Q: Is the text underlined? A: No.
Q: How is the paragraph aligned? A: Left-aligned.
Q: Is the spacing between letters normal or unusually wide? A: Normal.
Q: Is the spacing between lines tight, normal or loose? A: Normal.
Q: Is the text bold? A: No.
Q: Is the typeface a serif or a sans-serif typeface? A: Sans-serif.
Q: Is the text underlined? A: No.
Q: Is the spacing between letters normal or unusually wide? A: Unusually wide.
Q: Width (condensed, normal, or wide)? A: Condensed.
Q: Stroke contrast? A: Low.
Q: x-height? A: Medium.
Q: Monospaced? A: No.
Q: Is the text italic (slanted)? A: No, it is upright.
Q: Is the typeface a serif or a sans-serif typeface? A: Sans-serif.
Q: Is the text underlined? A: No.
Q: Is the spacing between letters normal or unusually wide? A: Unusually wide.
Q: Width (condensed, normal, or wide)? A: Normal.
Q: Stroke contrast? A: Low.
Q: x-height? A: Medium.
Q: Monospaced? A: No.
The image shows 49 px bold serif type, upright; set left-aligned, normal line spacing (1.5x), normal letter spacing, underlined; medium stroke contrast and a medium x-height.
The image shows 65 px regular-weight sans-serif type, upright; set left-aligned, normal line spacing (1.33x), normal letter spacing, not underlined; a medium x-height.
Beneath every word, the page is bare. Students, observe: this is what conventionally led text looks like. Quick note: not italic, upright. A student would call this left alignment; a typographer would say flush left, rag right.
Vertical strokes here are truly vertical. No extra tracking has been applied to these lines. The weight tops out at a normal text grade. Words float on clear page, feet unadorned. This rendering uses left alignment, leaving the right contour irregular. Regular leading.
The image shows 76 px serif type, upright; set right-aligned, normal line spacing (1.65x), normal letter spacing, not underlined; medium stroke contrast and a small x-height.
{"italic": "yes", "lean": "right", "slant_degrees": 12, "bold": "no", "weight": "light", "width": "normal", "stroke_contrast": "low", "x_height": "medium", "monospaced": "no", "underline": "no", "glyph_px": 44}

|---|

WHAT TO DO
I'd like the lines above from the one with "The image shows 49" up to and including the one with "Beneath every word, the" copied exactly, with no other lines.

SOLVED EXERCISE
The image shows 49 px bold serif type, upright; set left-aligned, normal line spacing (1.5x), normal letter spacing, underlined; medium stroke contrast and a medium x-height.
The image shows 65 px regular-weight sans-serif type, upright; set left-aligned, normal line spacing (1.33x), normal letter spacing, not underlined; a medium x-height.
Beneath every word, the page is bare. Students, observe: this is what conventionally led text looks like. Quick note: not italic, upright. A student would call this left alignment; a typographer would say flush left, rag right.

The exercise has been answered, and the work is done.